La selezione si svolge per titoli ed esami e nasce nell’ambito delle politiche di potenziamento delle strutture amministrative comunali. Il profilo richiesto combina competenze contabili e amministrative: i vincitori saranno inseriti nel settore operativo dell’Ente con incarico stabile.

Profilo richiesto, requisiti e partecipazione


Nel dettaglio il bando – disponibile tramite la sezione trasparenza del Comune – prevede la copertura di 3 posti di Istruttore Amministrativo‑Contabile, inquadrati nell’Area degli Istruttori del comparto Funzioni Locali.

Requisiti generali di accesso (tipici di questi profili):

Cittadinanza italiana o di uno Stato UE.

Godimento dei diritti civili e politici.

Idoneità fisica all’impiego.

Titolo di studio minimo: diploma di scuola secondaria superiore (spesso specificato come diploma di ragioneria o equipollente per profili contabili). In molti bandi analoghi il titolo minimo richiesto è infatti il diploma quinquennale (anche se possono essere richieste specifiche competenze in materia contabile).

La presentazione delle domande avviene tramite il Portale unico del reclutamento (InPA), utilizzando SPID, CIE o CNS e seguendo le istruzioni indicate nel testo ufficiale del bando.

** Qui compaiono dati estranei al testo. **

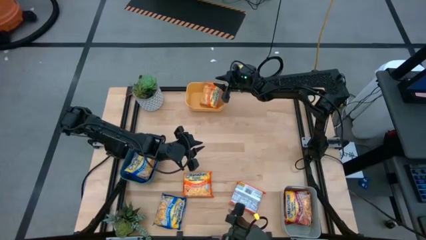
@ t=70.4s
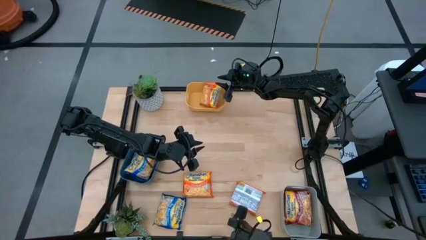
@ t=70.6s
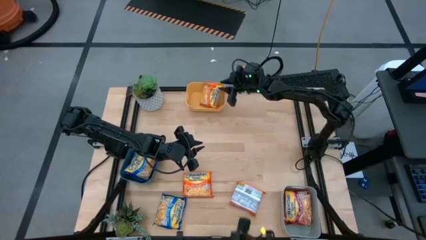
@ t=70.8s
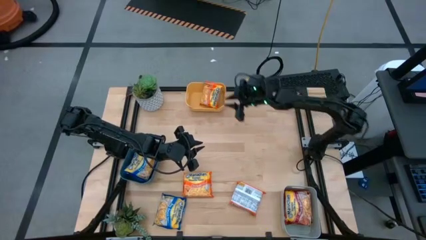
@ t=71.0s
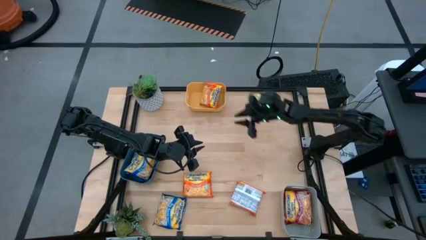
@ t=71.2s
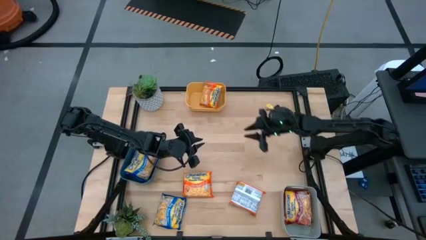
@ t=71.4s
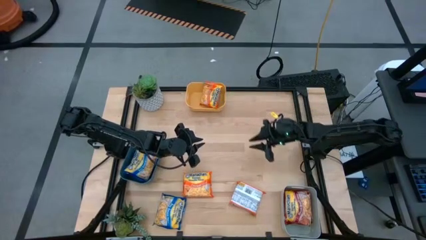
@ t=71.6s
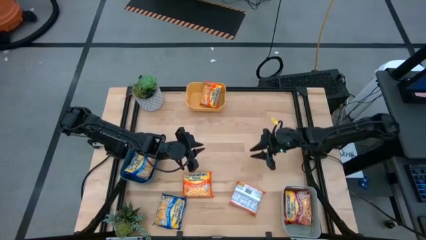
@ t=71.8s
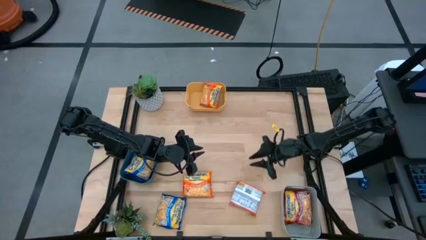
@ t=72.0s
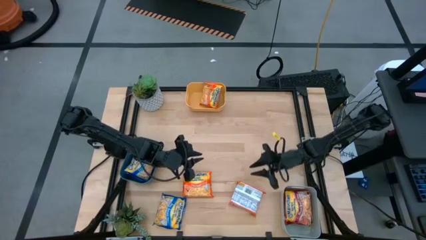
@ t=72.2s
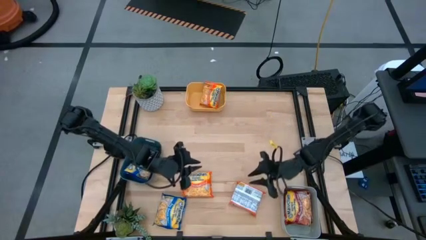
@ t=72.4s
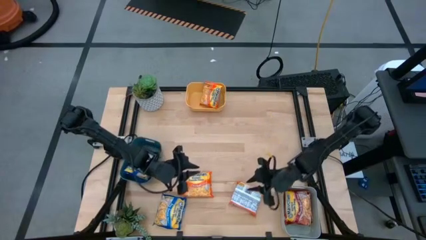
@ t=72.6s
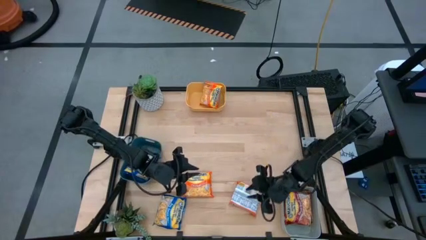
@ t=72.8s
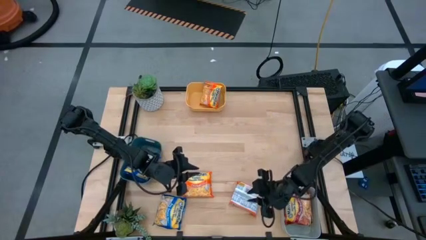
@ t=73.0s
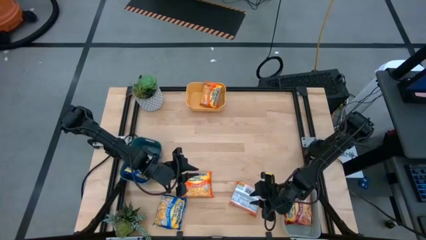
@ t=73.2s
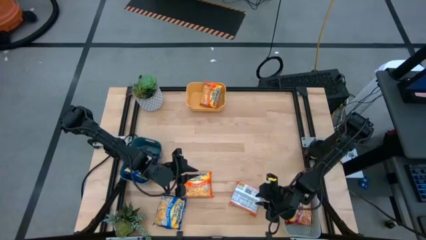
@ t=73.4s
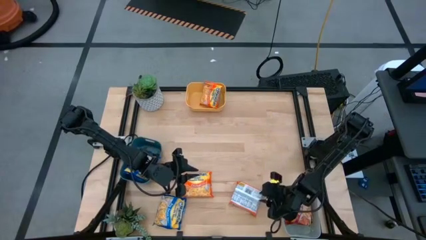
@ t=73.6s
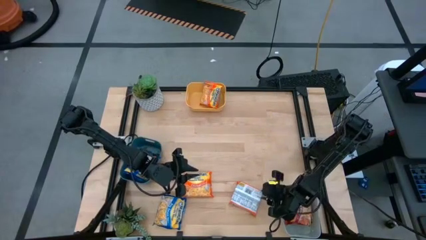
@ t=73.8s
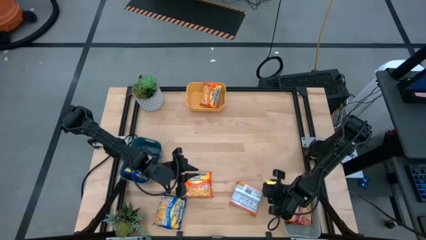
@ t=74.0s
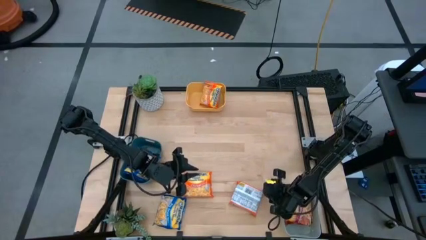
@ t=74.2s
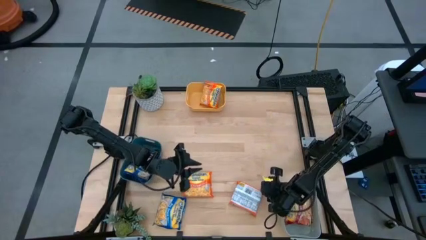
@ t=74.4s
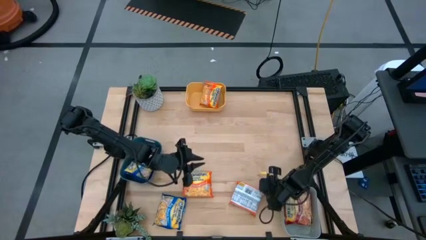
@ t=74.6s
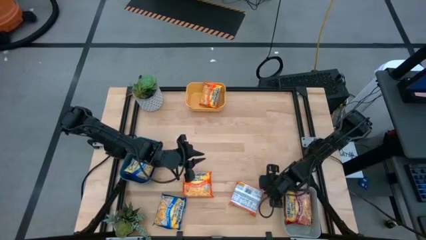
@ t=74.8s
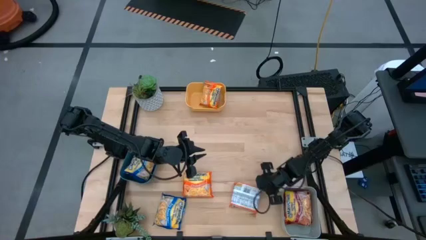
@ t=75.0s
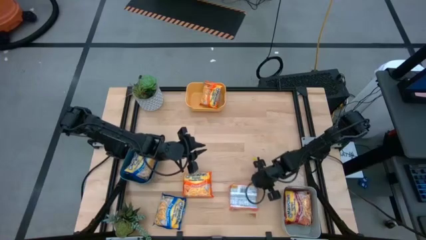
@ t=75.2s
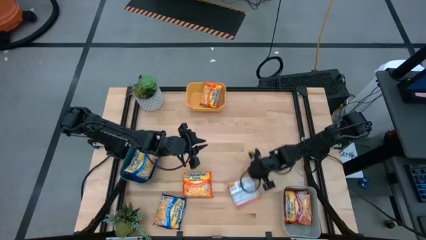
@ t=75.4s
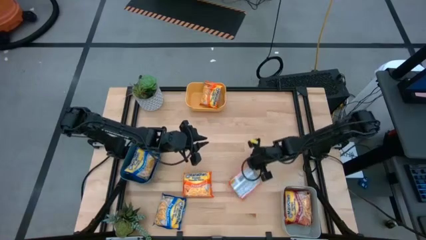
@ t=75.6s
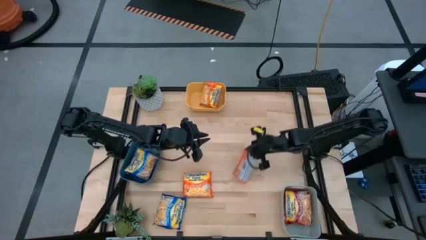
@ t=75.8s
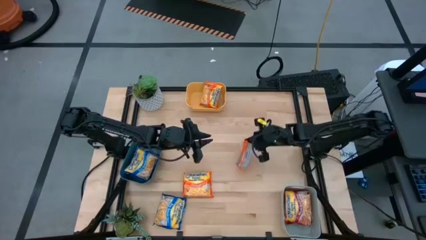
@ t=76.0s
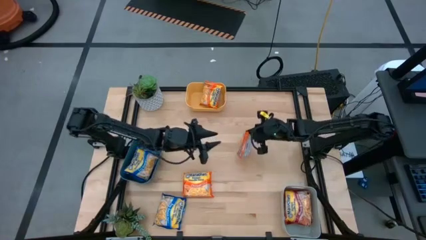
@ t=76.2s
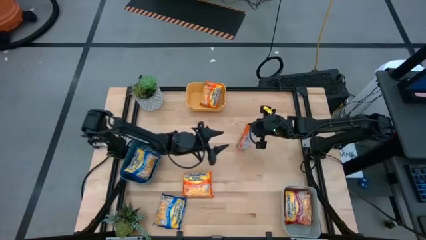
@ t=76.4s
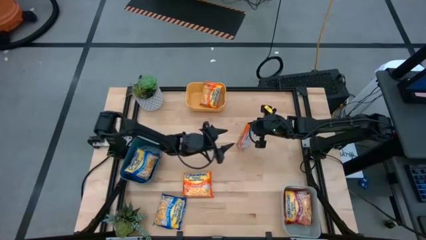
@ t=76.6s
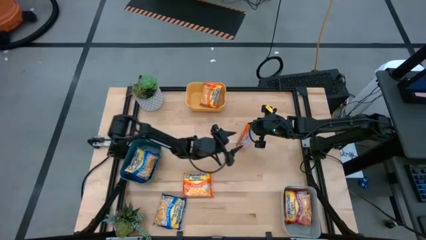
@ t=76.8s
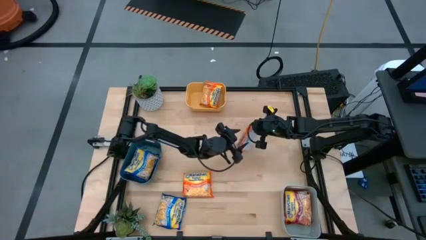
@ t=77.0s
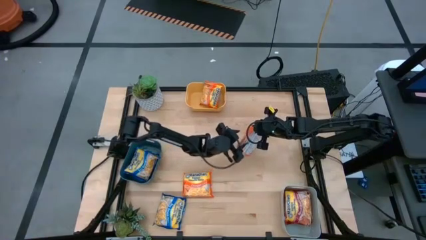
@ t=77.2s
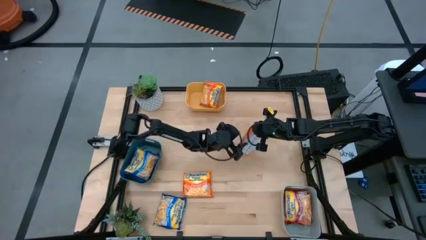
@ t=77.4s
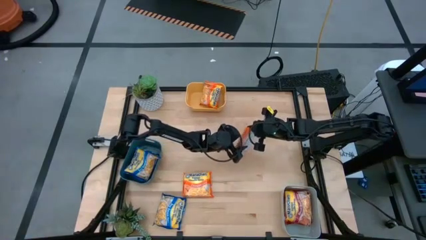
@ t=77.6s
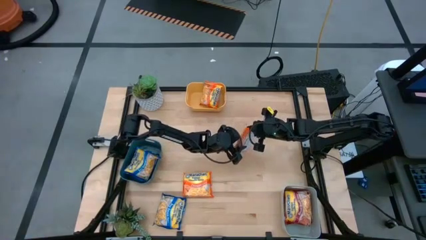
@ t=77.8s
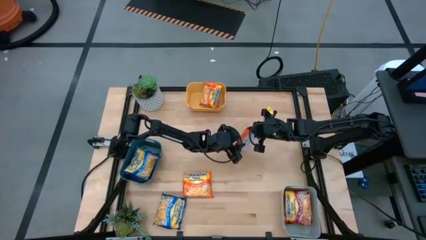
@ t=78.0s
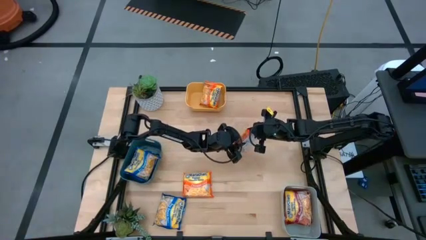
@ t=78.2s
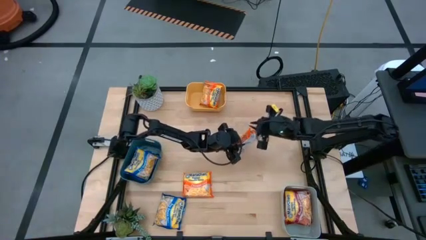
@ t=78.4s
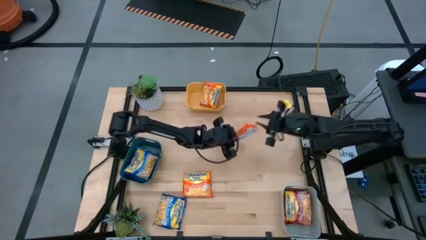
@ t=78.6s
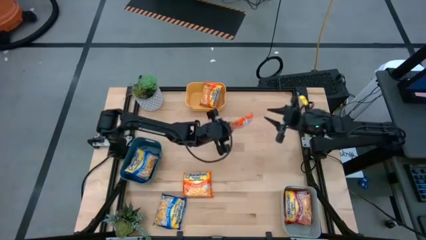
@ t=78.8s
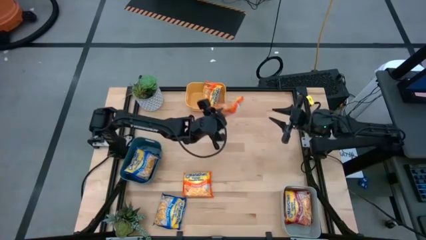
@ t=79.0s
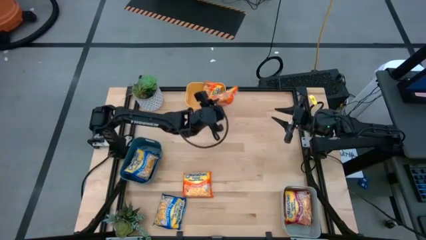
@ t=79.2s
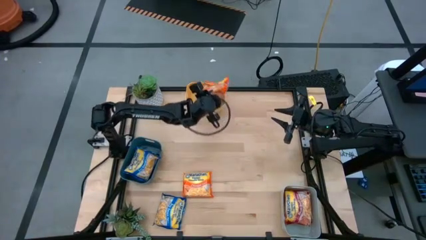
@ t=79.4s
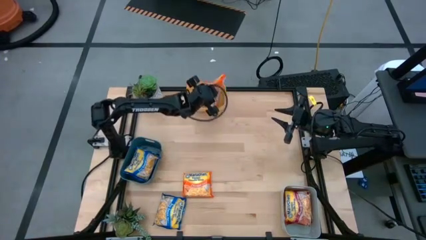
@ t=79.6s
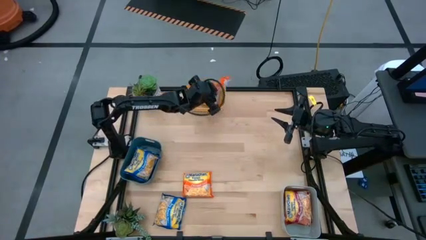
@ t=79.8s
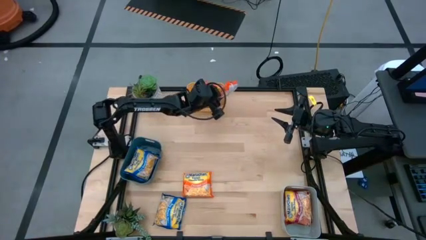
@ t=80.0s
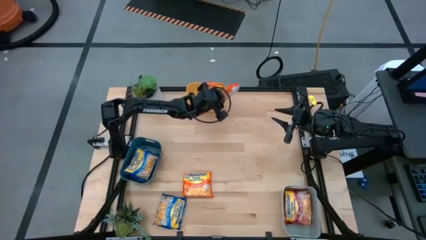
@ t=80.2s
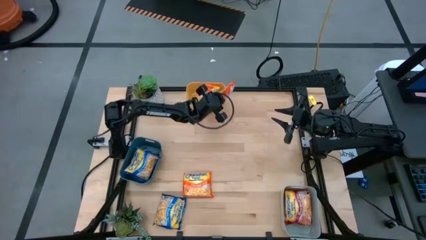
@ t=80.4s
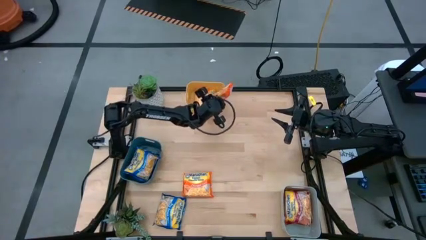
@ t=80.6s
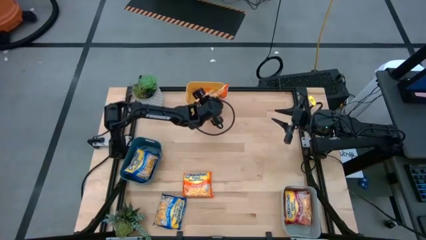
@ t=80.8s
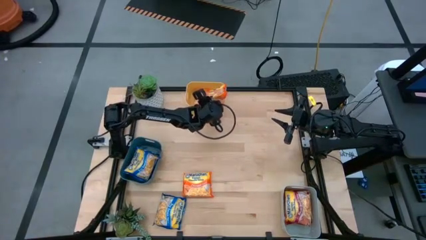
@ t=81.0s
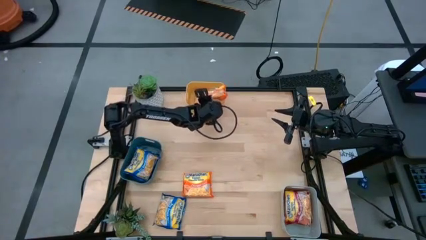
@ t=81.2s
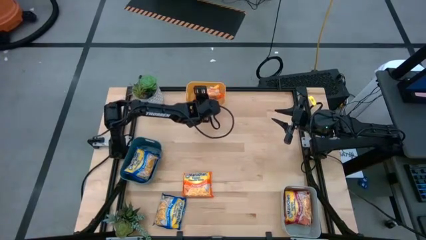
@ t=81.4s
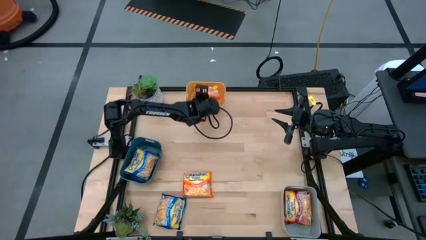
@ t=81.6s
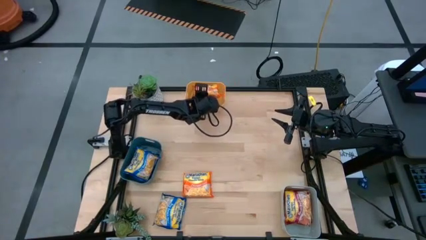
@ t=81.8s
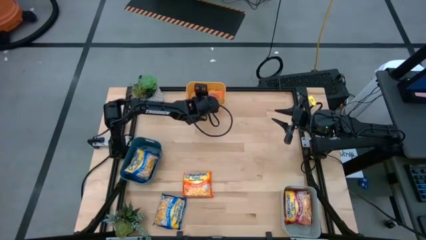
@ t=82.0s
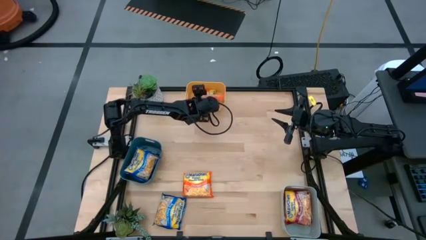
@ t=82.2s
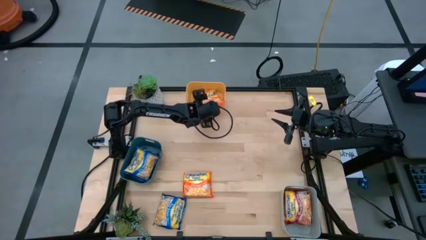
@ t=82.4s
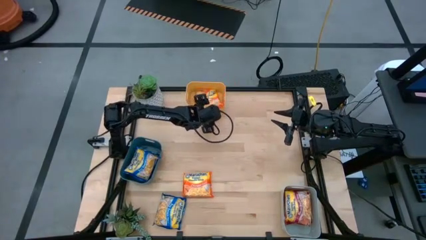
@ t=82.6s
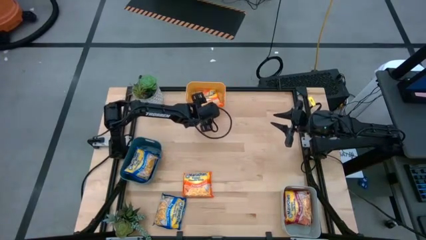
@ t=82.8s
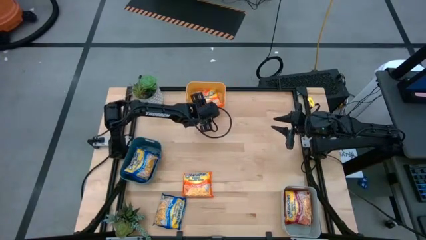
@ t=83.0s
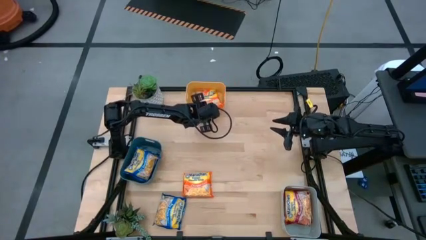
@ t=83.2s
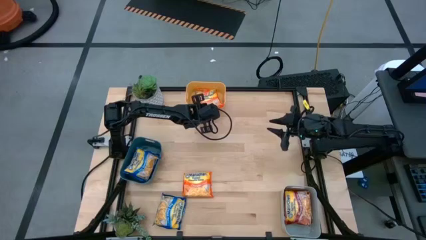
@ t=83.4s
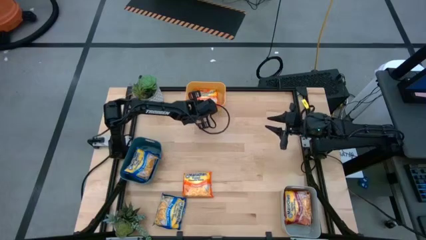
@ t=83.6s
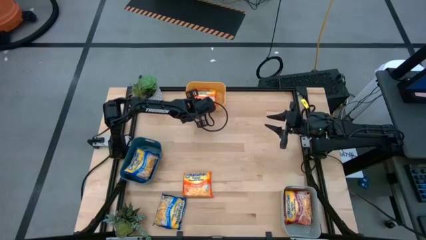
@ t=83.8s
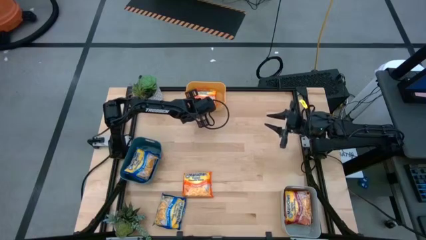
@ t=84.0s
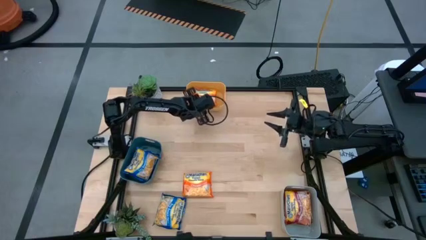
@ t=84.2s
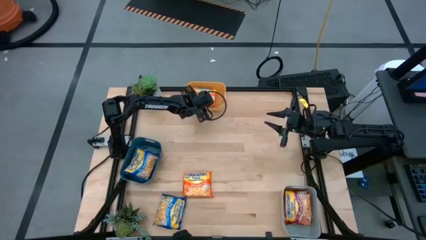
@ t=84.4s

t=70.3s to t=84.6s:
Task: Sort Maruchan noodles
Put the right orange noodle pack into the yellow bin

La scadenza è fissata per le ore 23:59 del 24 febbraio 2026: tutte le candidature devono essere inoltrate entro questa data per essere ammesse alle prove concorsuali.

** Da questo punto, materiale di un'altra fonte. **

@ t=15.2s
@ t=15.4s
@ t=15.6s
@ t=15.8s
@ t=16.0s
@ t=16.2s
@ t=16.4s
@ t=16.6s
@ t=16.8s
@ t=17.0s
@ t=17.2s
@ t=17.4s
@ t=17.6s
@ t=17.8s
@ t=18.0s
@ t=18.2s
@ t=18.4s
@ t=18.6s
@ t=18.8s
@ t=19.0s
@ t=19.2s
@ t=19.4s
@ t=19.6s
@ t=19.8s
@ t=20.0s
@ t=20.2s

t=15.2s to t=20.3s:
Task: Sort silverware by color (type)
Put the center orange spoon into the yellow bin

Prove concorsuali e fasi della selezione


Il concorso, come altri analoghi bandi per profili amministrativi‑contabili negli enti locali, prevede generalmente:

Prova scritta: con quesiti su diritto amministrativo, diritto contabile degli enti locali, ordinamento degli enti pubblici e funzioni contabili (art. 1‑2 del Decreto Legislativo 267/2000, ecc.).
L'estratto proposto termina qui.